Instructions to follow ▸
Reproduce every line of the material below, but drop the pictures.

Data shown ▸
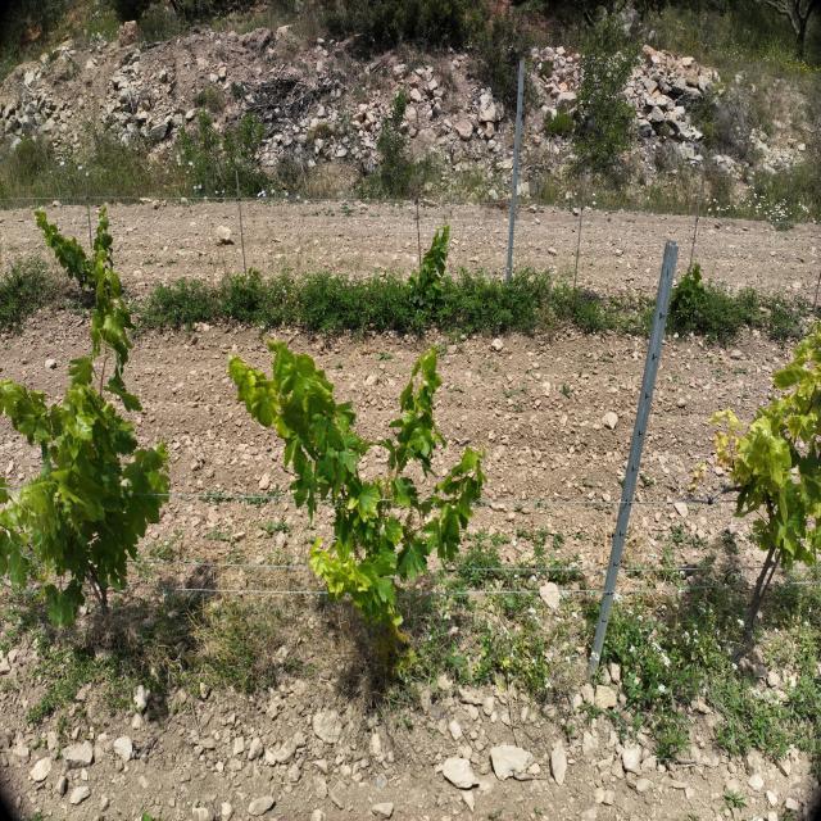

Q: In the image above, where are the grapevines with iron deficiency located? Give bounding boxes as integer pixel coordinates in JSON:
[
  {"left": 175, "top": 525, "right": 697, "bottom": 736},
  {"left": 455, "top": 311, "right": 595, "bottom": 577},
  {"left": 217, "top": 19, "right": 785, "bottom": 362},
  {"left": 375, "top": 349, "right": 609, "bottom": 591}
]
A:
[
  {"left": 221, "top": 326, "right": 499, "bottom": 676},
  {"left": 0, "top": 267, "right": 174, "bottom": 662},
  {"left": 702, "top": 307, "right": 821, "bottom": 662}
]
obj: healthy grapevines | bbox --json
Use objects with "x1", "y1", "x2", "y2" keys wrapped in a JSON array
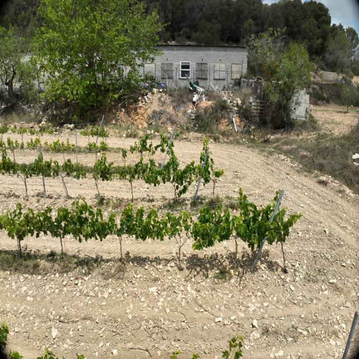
[
  {"x1": 36, "y1": 196, "x2": 102, "y2": 263},
  {"x1": 98, "y1": 203, "x2": 155, "y2": 265},
  {"x1": 2, "y1": 199, "x2": 43, "y2": 261},
  {"x1": 152, "y1": 207, "x2": 215, "y2": 273},
  {"x1": 206, "y1": 186, "x2": 270, "y2": 270},
  {"x1": 261, "y1": 190, "x2": 305, "y2": 277}
]
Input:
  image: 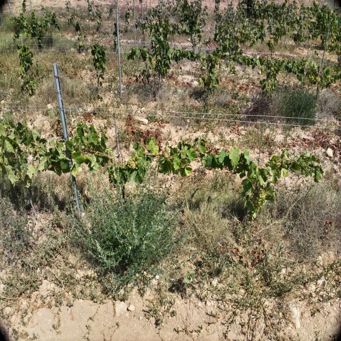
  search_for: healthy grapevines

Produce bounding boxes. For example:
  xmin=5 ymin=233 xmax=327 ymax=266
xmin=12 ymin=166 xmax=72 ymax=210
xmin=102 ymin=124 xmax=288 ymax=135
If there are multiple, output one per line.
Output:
xmin=43 ymin=123 xmax=202 ymax=223
xmin=198 ymin=135 xmax=326 ymax=229
xmin=0 ymin=114 xmax=47 ymax=217
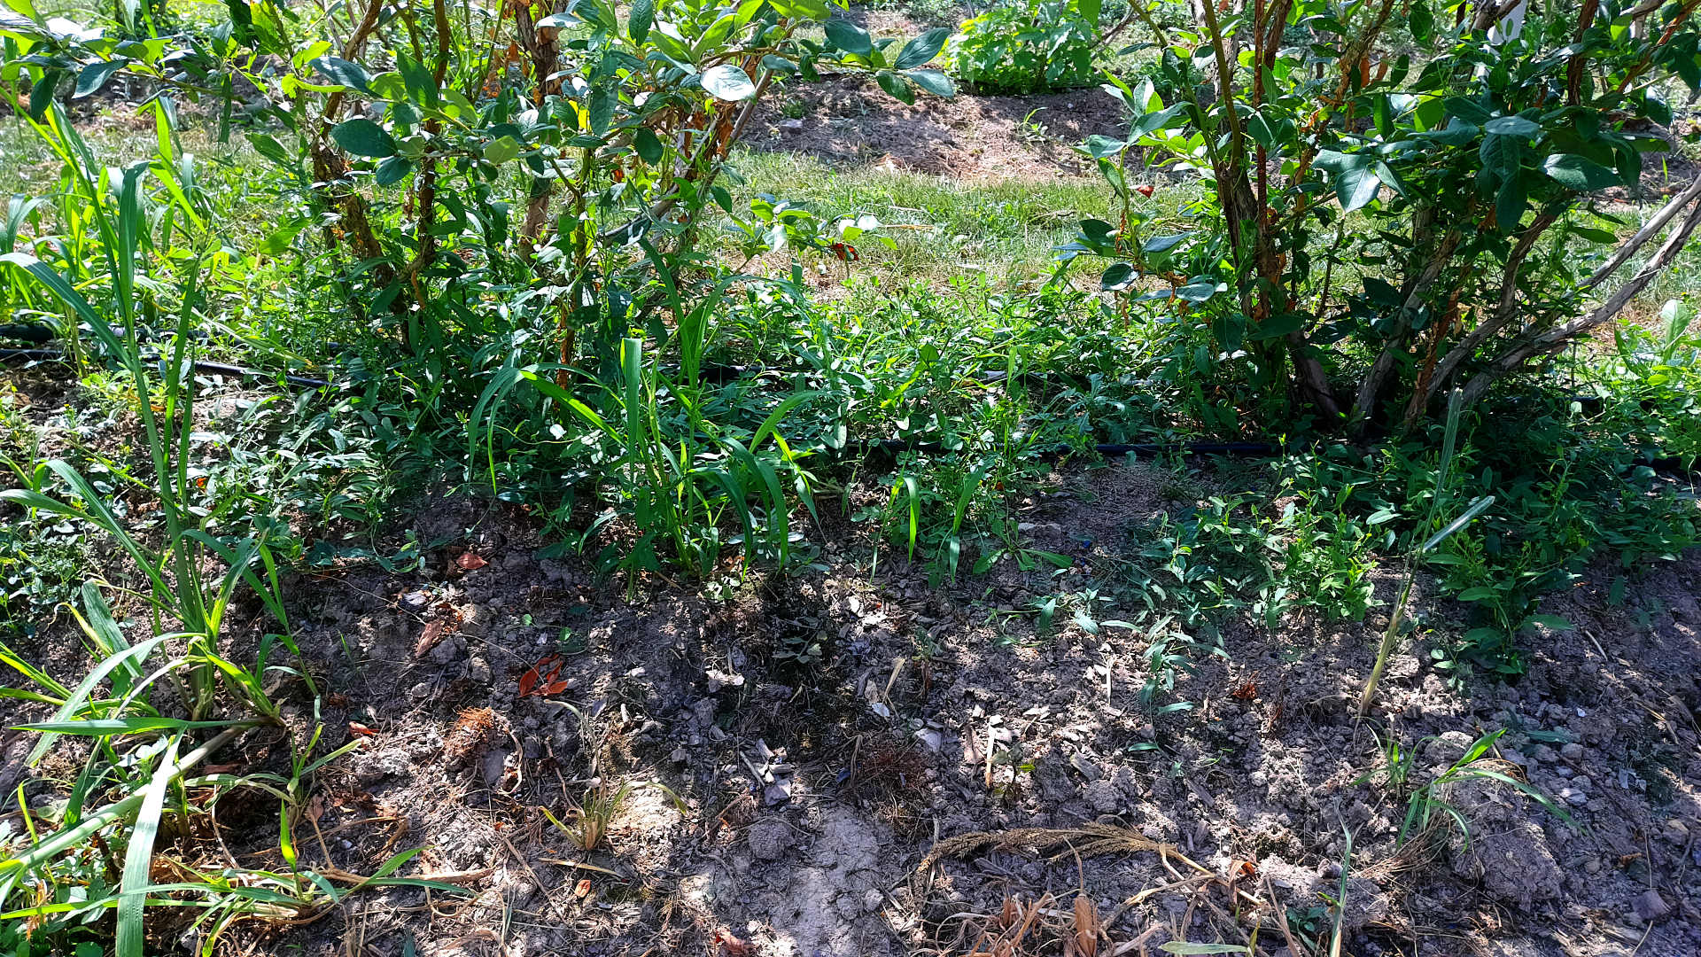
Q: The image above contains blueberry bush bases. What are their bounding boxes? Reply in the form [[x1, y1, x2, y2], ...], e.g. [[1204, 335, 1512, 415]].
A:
[[1177, 230, 1618, 531], [318, 204, 709, 514], [928, 11, 1129, 105]]
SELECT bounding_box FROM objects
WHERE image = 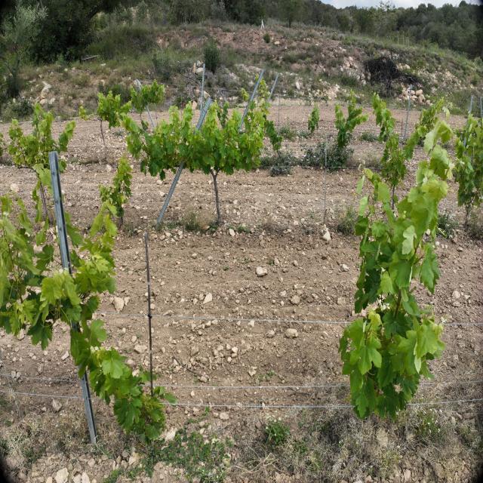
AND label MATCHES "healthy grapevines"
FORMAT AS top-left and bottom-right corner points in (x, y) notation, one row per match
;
(0, 192), (165, 461)
(331, 138), (455, 439)
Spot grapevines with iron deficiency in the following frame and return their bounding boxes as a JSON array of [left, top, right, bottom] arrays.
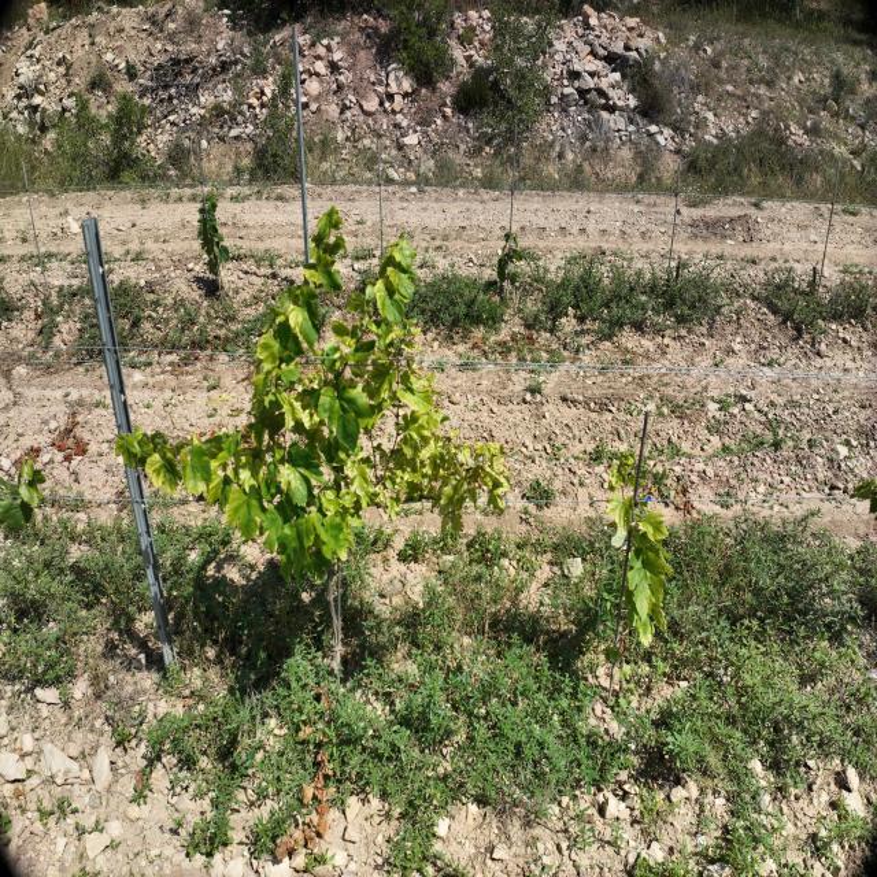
[[593, 447, 684, 671], [112, 211, 516, 706]]
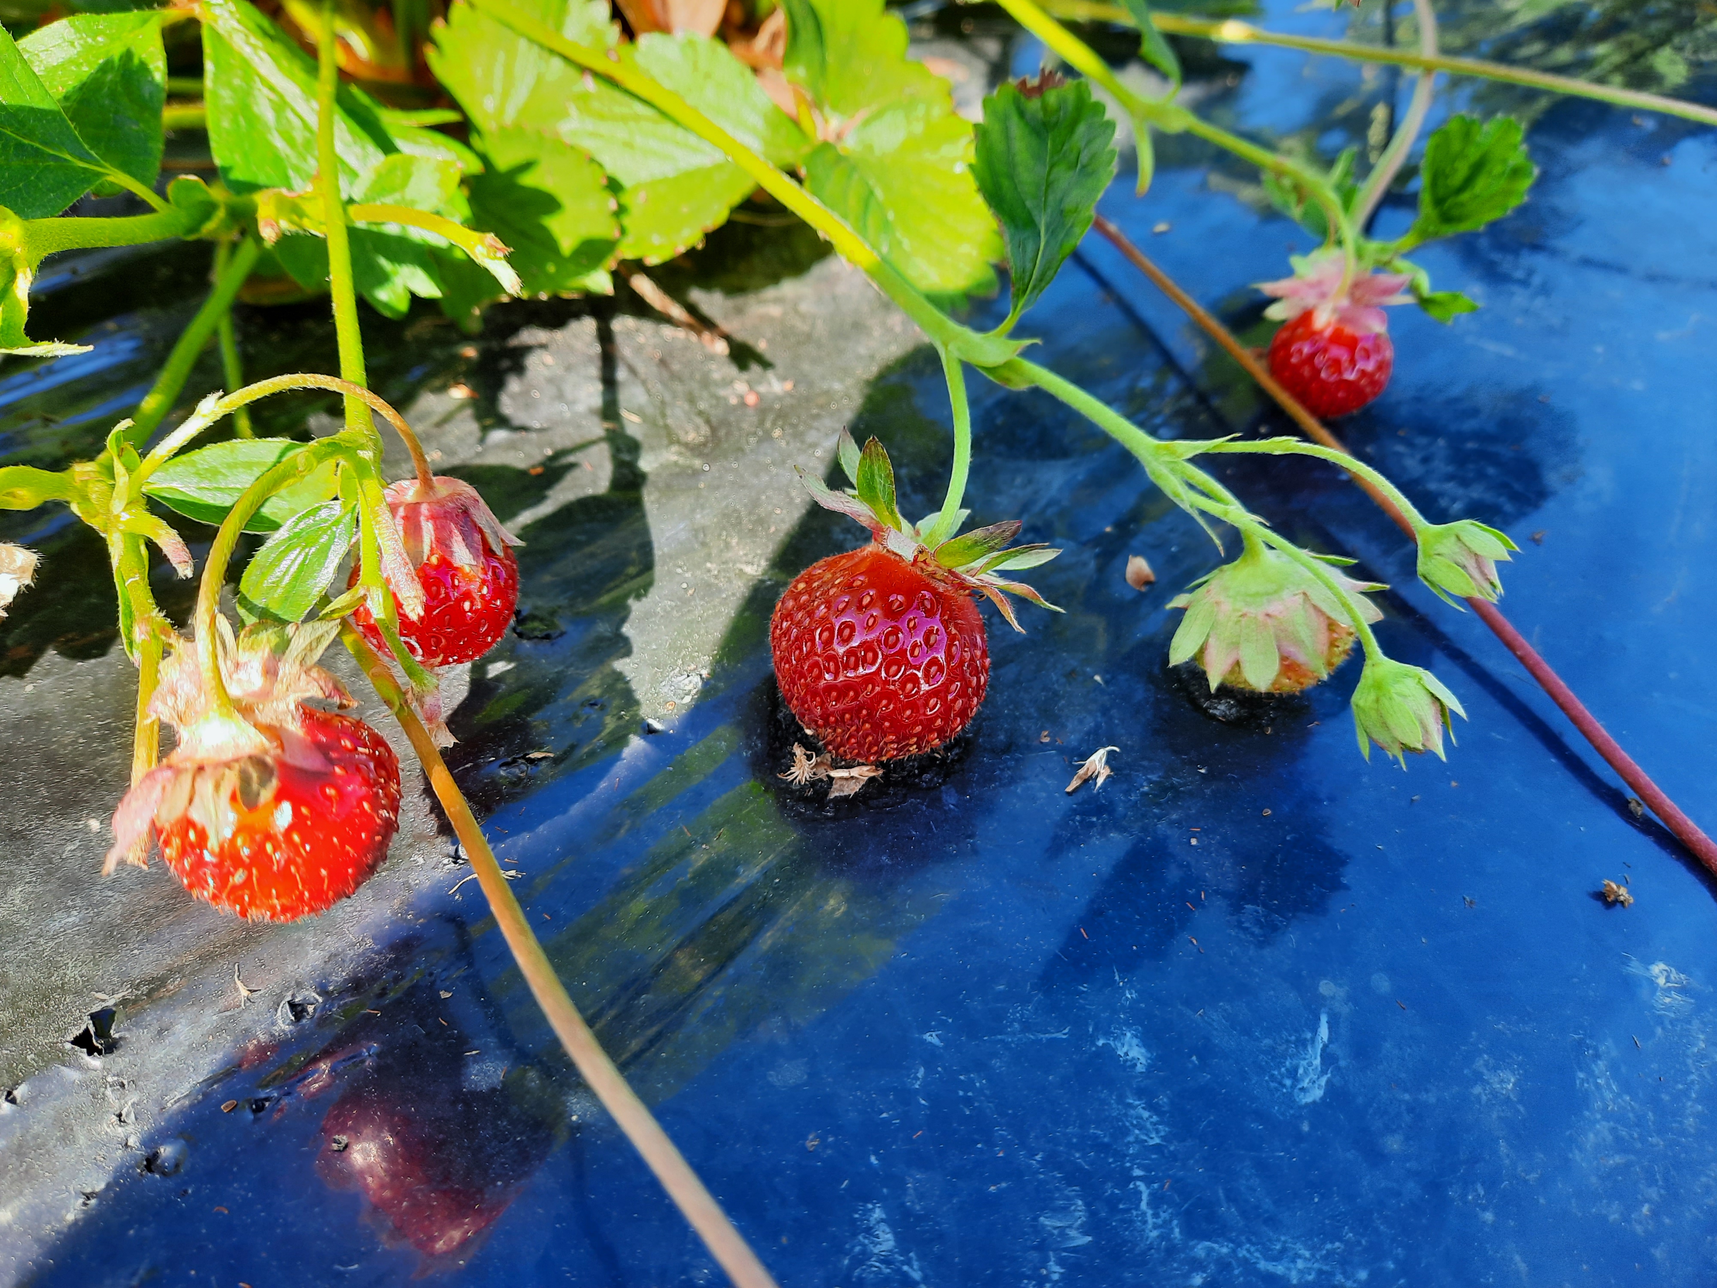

Task response ▸
Q: In the image above, where are the grapevines with iron deficiency located? Give bounding boxes as integer pixel coordinates in JSON:
[
  {"left": 175, "top": 525, "right": 697, "bottom": 736},
  {"left": 455, "top": 311, "right": 595, "bottom": 577},
  {"left": 217, "top": 19, "right": 785, "bottom": 362},
  {"left": 375, "top": 349, "right": 609, "bottom": 591}
]
A:
[
  {"left": 221, "top": 326, "right": 499, "bottom": 676},
  {"left": 0, "top": 267, "right": 174, "bottom": 662},
  {"left": 702, "top": 307, "right": 821, "bottom": 662}
]
obj: healthy grapevines | bbox --json
Use objects with "x1", "y1", "x2", "y2" keys wrapped in a JSON array
[
  {"x1": 36, "y1": 196, "x2": 102, "y2": 263},
  {"x1": 98, "y1": 203, "x2": 155, "y2": 265},
  {"x1": 2, "y1": 199, "x2": 43, "y2": 261},
  {"x1": 152, "y1": 207, "x2": 215, "y2": 273},
  {"x1": 206, "y1": 186, "x2": 270, "y2": 270},
  {"x1": 261, "y1": 190, "x2": 305, "y2": 277}
]
Input:
  image: 
  search_for: healthy grapevines

Produce bounding boxes. For example:
  xmin=5 ymin=233 xmax=327 ymax=266
xmin=12 ymin=166 xmax=72 ymax=210
xmin=102 ymin=124 xmax=288 ymax=135
If there are multiple, output one per line.
Output:
xmin=43 ymin=123 xmax=202 ymax=223
xmin=198 ymin=135 xmax=326 ymax=229
xmin=0 ymin=114 xmax=47 ymax=217
Q: The image above contains blueberry bush bases. What are their bounding boxes? Reply in the form [[x1, y1, x2, y2], ...], e.g. [[1204, 335, 1512, 415]].
A:
[[1177, 230, 1618, 531], [318, 204, 709, 514], [928, 11, 1129, 105]]
SELECT bounding_box FROM objects
WHERE image = 
AND label MATCHES "healthy grapevines"
FORMAT AS top-left and bottom-right corner points in (x, y) notation, one row per match
;
(0, 192), (165, 461)
(331, 138), (455, 439)
Spot grapevines with iron deficiency in the following frame and return their bounding boxes as a JSON array of [left, top, right, bottom] arrays.
[[593, 447, 684, 671], [112, 211, 516, 706]]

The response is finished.